DESCRIPTION OF THE TASK: The entries are to be duplicated exactly, though any picture in them must be omitted.

___ EXTRACTED INFORMATION

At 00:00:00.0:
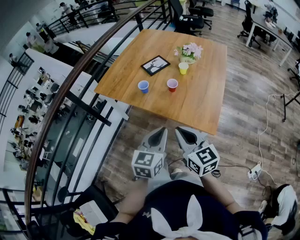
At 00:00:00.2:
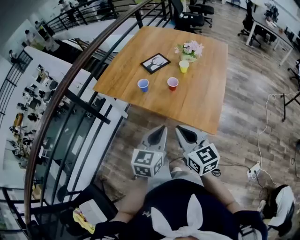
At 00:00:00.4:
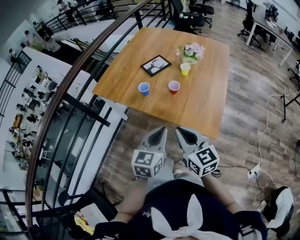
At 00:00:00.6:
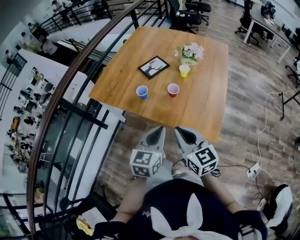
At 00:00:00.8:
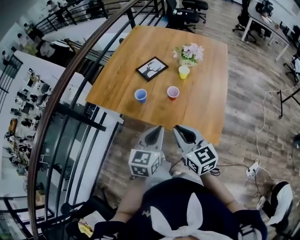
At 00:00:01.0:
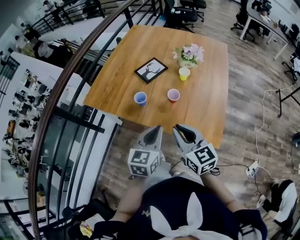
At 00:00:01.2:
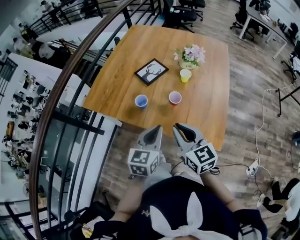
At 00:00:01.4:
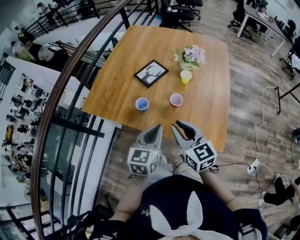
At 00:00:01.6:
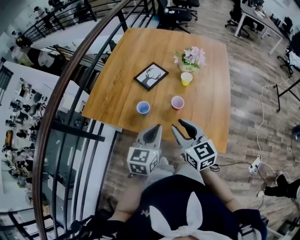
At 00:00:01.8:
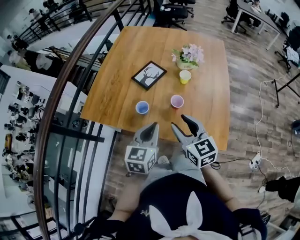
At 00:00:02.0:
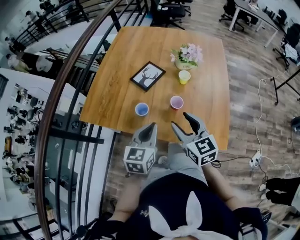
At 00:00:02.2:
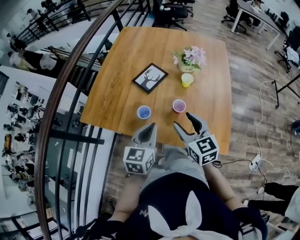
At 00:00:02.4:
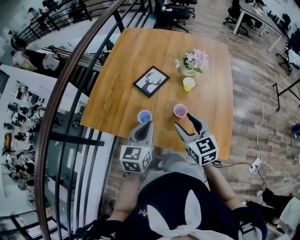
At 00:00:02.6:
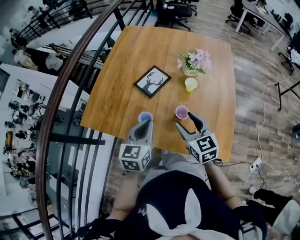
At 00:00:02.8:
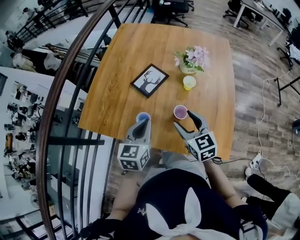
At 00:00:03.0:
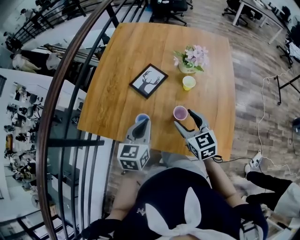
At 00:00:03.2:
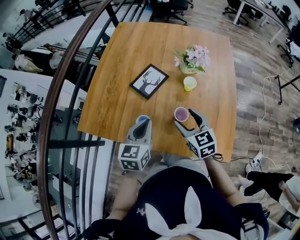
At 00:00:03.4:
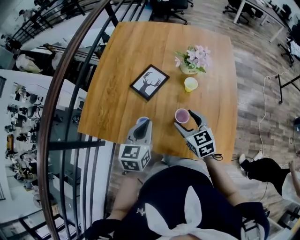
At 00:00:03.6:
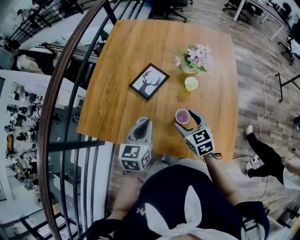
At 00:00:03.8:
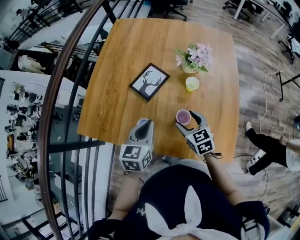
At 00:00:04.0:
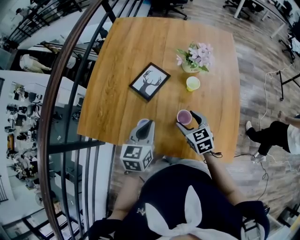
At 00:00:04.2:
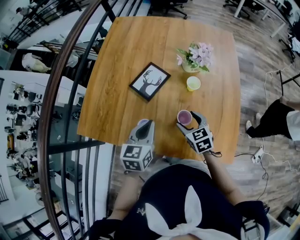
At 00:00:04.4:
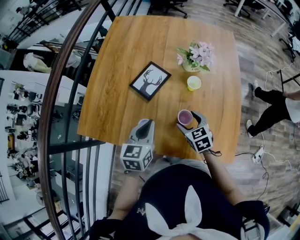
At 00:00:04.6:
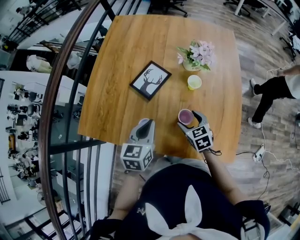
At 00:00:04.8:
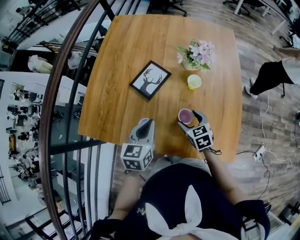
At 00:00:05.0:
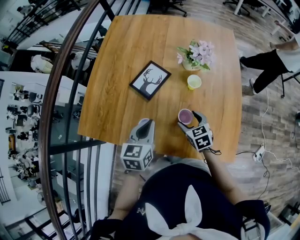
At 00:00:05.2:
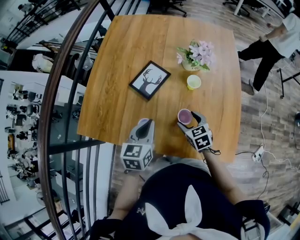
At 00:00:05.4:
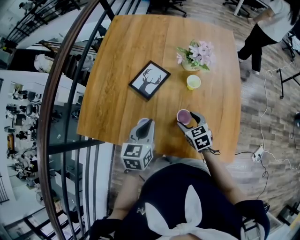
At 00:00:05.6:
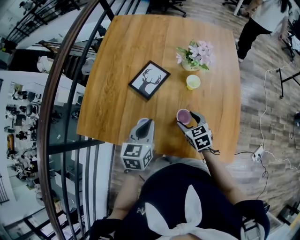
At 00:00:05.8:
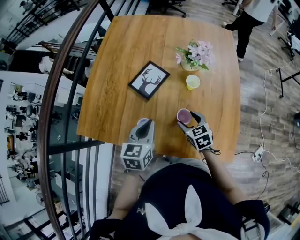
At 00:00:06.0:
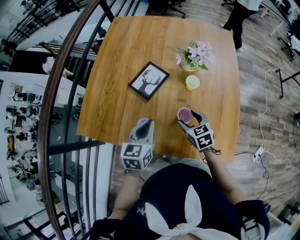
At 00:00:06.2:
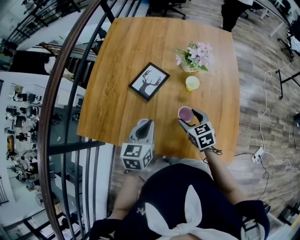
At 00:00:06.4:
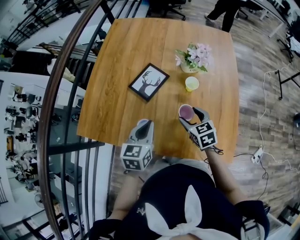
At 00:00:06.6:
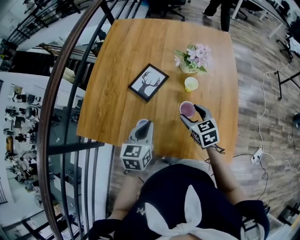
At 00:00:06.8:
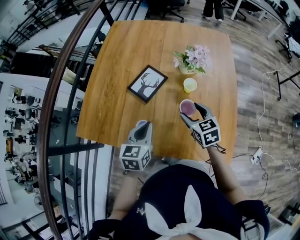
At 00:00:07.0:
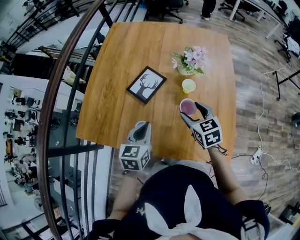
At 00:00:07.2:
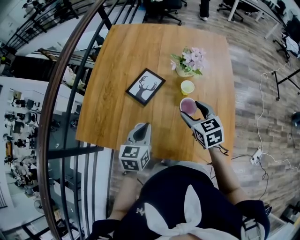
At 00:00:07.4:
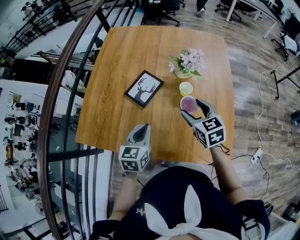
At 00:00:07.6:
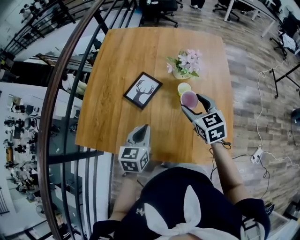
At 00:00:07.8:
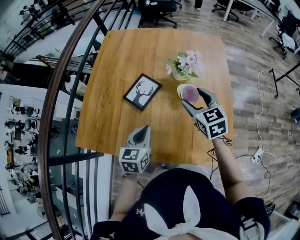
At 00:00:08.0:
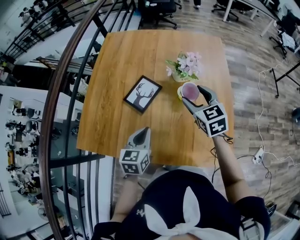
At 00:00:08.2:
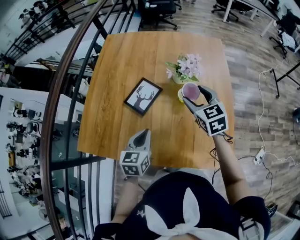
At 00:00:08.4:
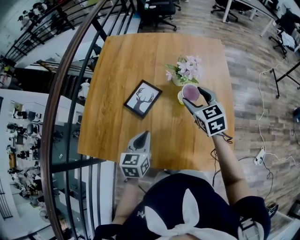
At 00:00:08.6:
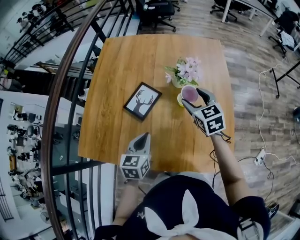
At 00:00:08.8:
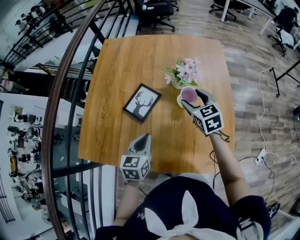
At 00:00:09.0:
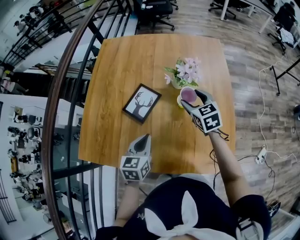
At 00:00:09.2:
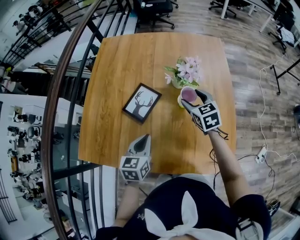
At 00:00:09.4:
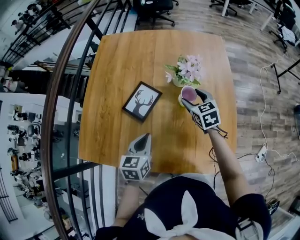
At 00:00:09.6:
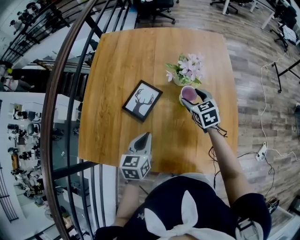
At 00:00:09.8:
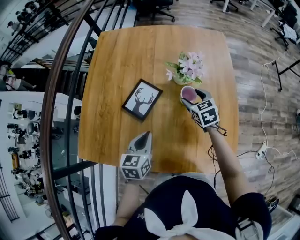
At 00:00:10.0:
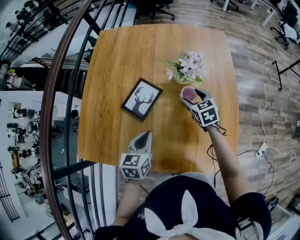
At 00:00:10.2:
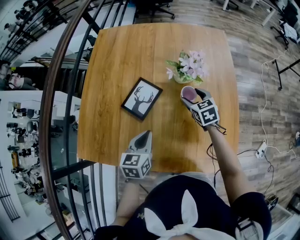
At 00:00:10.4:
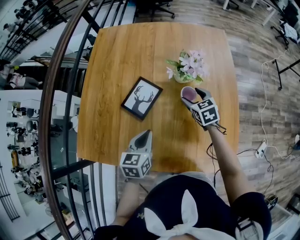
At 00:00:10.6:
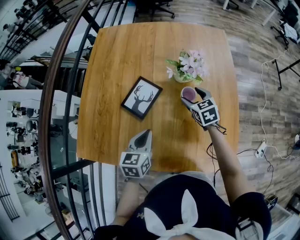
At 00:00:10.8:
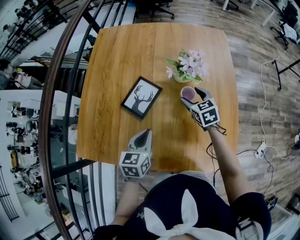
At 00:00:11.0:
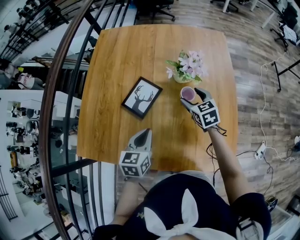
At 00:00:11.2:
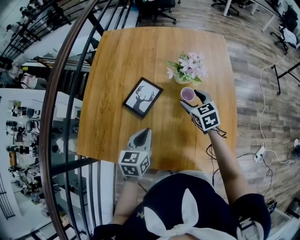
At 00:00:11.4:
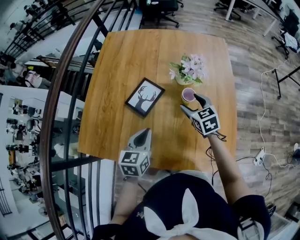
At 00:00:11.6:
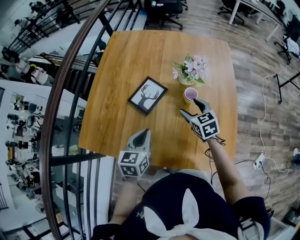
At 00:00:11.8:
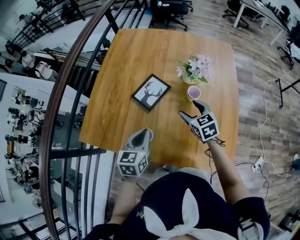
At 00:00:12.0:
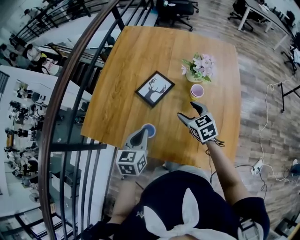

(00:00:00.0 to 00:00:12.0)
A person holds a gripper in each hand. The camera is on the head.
00:00:00.0 - 00:00:01.6: The two grippers go approximately 25 cm forward.
00:00:01.6 - 00:00:03.0: The left gripper moves forward, approximately 15 cm, while the right gripper moves forward and downward, roughly 15 cm, and opens up.
00:00:03.0 - 00:00:04.4: The right gripper shifts some 15 cm downward. The left gripper changes place by some 5 cm.
00:00:04.4 - 00:00:06.0: The grippers stay close to where they were, moving slightly.
00:00:06.0 - 00:00:07.6: The right gripper travels upward and forward by some 15 cm.
00:00:07.6 - 00:00:09.0: The right gripper moves forward, approximately 10 cm.
00:00:09.0 - 00:00:10.4: The right gripper goes roughly 10 cm downward.
00:00:10.4 - 00:00:12.0: The right gripper goes about 15 cm backward, to the left and upward; the left gripper shifts about 10 cm backward and to the left.

______

SOLUTION TO THE PROBLEM:
At 00:00:00.0:
At 00:00:00.2:
At 00:00:00.4:
At 00:00:00.6:
At 00:00:00.8:
At 00:00:01.0:
At 00:00:01.2:
At 00:00:01.4:
At 00:00:01.6:
At 00:00:01.8:
At 00:00:02.0:
At 00:00:02.2:
At 00:00:02.4:
At 00:00:02.6:
At 00:00:02.8:
At 00:00:03.0:
At 00:00:03.2:
At 00:00:03.4:
At 00:00:03.6:
At 00:00:03.8:
At 00:00:04.0:
At 00:00:04.2:
At 00:00:04.4:
At 00:00:04.6:
At 00:00:04.8:
At 00:00:05.0:
At 00:00:05.2:
At 00:00:05.4:
At 00:00:05.6:
At 00:00:05.8:
At 00:00:06.0:
At 00:00:06.2:
At 00:00:06.4:
At 00:00:06.6:
At 00:00:06.8:
At 00:00:07.0:
At 00:00:07.2:
At 00:00:07.4:
At 00:00:07.6:
At 00:00:07.8:
At 00:00:08.0:
At 00:00:08.2:
At 00:00:08.4:
At 00:00:08.6:
At 00:00:08.8:
At 00:00:09.0:
At 00:00:09.2:
At 00:00:09.4:
At 00:00:09.6:
At 00:00:09.8:
At 00:00:10.0:
At 00:00:10.2:
At 00:00:10.4:
At 00:00:10.6:
At 00:00:10.8:
At 00:00:11.0:
At 00:00:11.2:
At 00:00:11.4:
At 00:00:11.6:
At 00:00:11.8:
At 00:00:12.0:

(00:00:00.0 to 00:00:12.0)
A person holds a gripper in each hand. The camera is on the head.
00:00:00.0 - 00:00:01.6: The two grippers go approximately 25 cm forward.
00:00:01.6 - 00:00:03.0: The left gripper moves forward, approximately 15 cm, while the right gripper moves forward and downward, roughly 15 cm, and opens up.
00:00:03.0 - 00:00:04.4: The right gripper shifts some 15 cm downward. The left gripper changes place by some 5 cm.
00:00:04.4 - 00:00:06.0: The grippers stay close to where they were, moving slightly.
00:00:06.0 - 00:00:07.6: The right gripper travels upward and forward by some 15 cm.
00:00:07.6 - 00:00:09.0: The right gripper moves forward, approximately 10 cm.
00:00:09.0 - 00:00:10.4: The right gripper goes roughly 10 cm downward.
00:00:10.4 - 00:00:12.0: The right gripper goes about 15 cm backward, to the left and upward; the left gripper shifts about 10 cm backward and to the left.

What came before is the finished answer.